Additionally, as Hower points out, the high standards of the United States mean our surplus is often of better quality than what developing countries could get buying new from, say, China. And putting that surplus to use saves landfill space and the damage done by manufacturing new products.
Yet surely, something's amiss when 2.6 billion people -- those who survive on less than $2 a day in the developing world -- have to rely on items other countries simply throw away. Moreover, the current model of medical-surplus donation and distribution scarcely seems efficient. It's highly labor-intensive and dependent on relatively affordable supplies of fossil fuel for shipping.
Perhaps not surprisingly, Global Links' Hower agrees that our health-care philosophy is deeply flawed.
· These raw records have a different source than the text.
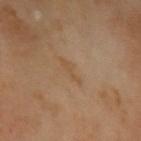Background:
Located on the left upper arm. This image is a 15 mm lesion crop taken from a total-body photograph. A male subject aged approximately 70. Approximately 3.5 mm at its widest.
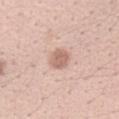| field | value |
|---|---|
| notes | catalogued during a skin exam; not biopsied |
| tile lighting | white-light |
| TBP lesion metrics | a footprint of about 5 mm², a shape eccentricity near 0.55, and two-axis asymmetry of about 0.15; an average lesion color of about L≈63 a*≈20 b*≈27 (CIELAB) and about 11 CIELAB-L* units darker than the surrounding skin |
| image | total-body-photography crop, ~15 mm field of view |
| body site | the arm |
| subject | female, aged around 40 |
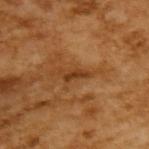Background: A male subject, aged approximately 65. A 15 mm crop from a total-body photograph taken for skin-cancer surveillance. Measured at roughly 3.5 mm in maximum diameter.
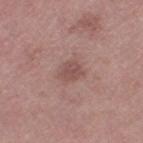<tbp_lesion>
  <biopsy_status>not biopsied; imaged during a skin examination</biopsy_status>
  <automated_metrics>
    <border_irregularity_0_10>3.0</border_irregularity_0_10>
  </automated_metrics>
  <image>
    <source>total-body photography crop</source>
    <field_of_view_mm>15</field_of_view_mm>
  </image>
  <site>left thigh</site>
  <lesion_size>
    <long_diameter_mm_approx>2.5</long_diameter_mm_approx>
  </lesion_size>
  <lighting>white-light</lighting>
  <patient>
    <sex>female</sex>
    <age_approx>70</age_approx>
  </patient>
</tbp_lesion>
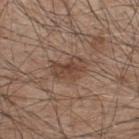Assessment:
Captured during whole-body skin photography for melanoma surveillance; the lesion was not biopsied.
Image and clinical context:
The lesion is on the upper back. A 15 mm crop from a total-body photograph taken for skin-cancer surveillance. Measured at roughly 4 mm in maximum diameter. A male subject, about 45 years old. Automated tile analysis of the lesion measured an average lesion color of about L≈44 a*≈18 b*≈26 (CIELAB) and about 9 CIELAB-L* units darker than the surrounding skin. And it measured border irregularity of about 3 on a 0–10 scale, a color-variation rating of about 3/10, and peripheral color asymmetry of about 1.
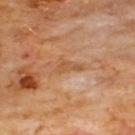Recorded during total-body skin imaging; not selected for excision or biopsy. The patient is a male about 60 years old. This image is a 15 mm lesion crop taken from a total-body photograph. On the front of the torso.
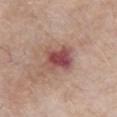Q: Is there a histopathology result?
A: no biopsy performed (imaged during a skin exam)
Q: Lesion size?
A: ≈3.5 mm
Q: What is the anatomic site?
A: the chest
Q: Automated lesion metrics?
A: a footprint of about 9.5 mm², an eccentricity of roughly 0.6, and a symmetry-axis asymmetry near 0.15; a nevus-likeness score of about 0/100
Q: What are the patient's age and sex?
A: male, approximately 70 years of age
Q: How was this image acquired?
A: ~15 mm tile from a whole-body skin photo
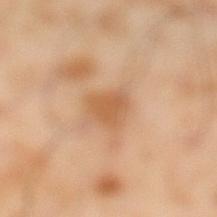Q: Is there a histopathology result?
A: no biopsy performed (imaged during a skin exam)
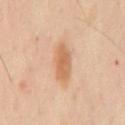Assessment: The lesion was photographed on a routine skin check and not biopsied; there is no pathology result.
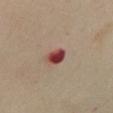| key | value |
|---|---|
| biopsy status | total-body-photography surveillance lesion; no biopsy |
| illumination | cross-polarized illumination |
| patient | female, in their mid-50s |
| image-analysis metrics | an area of roughly 4.5 mm², an outline eccentricity of about 0.55 (0 = round, 1 = elongated), and a shape-asymmetry score of about 0.2 (0 = symmetric); a lesion color around L≈44 a*≈29 b*≈24 in CIELAB and a lesion-to-skin contrast of about 12.5 (normalized; higher = more distinct); border irregularity of about 2 on a 0–10 scale, a within-lesion color-variation index near 5.5/10, and radial color variation of about 1.5 |
| location | the abdomen |
| lesion size | ≈2.5 mm |
| acquisition | total-body-photography crop, ~15 mm field of view |
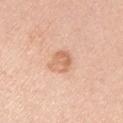Notes:
• workup — imaged on a skin check; not biopsied
• lighting — white-light
• patient — male, in their 40s
• body site — the left upper arm
• acquisition — total-body-photography crop, ~15 mm field of view
• diameter — ≈3 mm
• automated metrics — an eccentricity of roughly 0.6 and a shape-asymmetry score of about 0.3 (0 = symmetric); a classifier nevus-likeness of about 10/100 and lesion-presence confidence of about 100/100
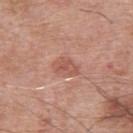{"automated_metrics": {"cielab_L": 55, "cielab_a": 25, "cielab_b": 28, "vs_skin_contrast_norm": 5.5, "color_variation_0_10": 2.5, "peripheral_color_asymmetry": 1.0}, "site": "upper back", "lesion_size": {"long_diameter_mm_approx": 3.0}, "patient": {"sex": "male", "age_approx": 65}, "lighting": "white-light", "image": {"source": "total-body photography crop", "field_of_view_mm": 15}}
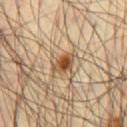The lesion was tiled from a total-body skin photograph and was not biopsied. The lesion is located on the chest. The patient is a male aged 63–67. A 15 mm close-up extracted from a 3D total-body photography capture. Approximately 3.5 mm at its widest. This is a cross-polarized tile.
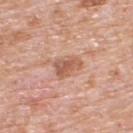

Ideally, of course, health care would generate no waste at all; as with the rest of our unsustainable consumer economy, the health-care system's cost to the planet is too great. But to Hower, the problem isn't the surplus itself -- which she sees as the result of the high-tech care Americans expect and the health-care industry's fear of litigation. The problem is that we're setting a bad example for the developing world.
"People expect the United States to be cutting-edge," she says. But "the way we live and consume, even in the medical community, cannot be transplanted into these other communities. This is not a model they should be following."
Even in the United States, we're treating symptoms rather than causes. "Prevention and maintenance is what we need here," Hower says.
What's more, helpful surplus isn't the only thing we're shipping overseas. As diets change around the world, for instance, we're also exporting the lifestyle diseases of obesity and diabetes to places like China and India.
A better world, Hower contends, would be economically fair enough for all countries to acquire the medical goods they needed, without depending on surplus, or groups like hers. But as much as she abhors waste -- and as much as hospitals in a tight economy try to reduce it -- Hower doesn't anticipate its disappearance. "There's always gonna be surplus here," she says. "Always."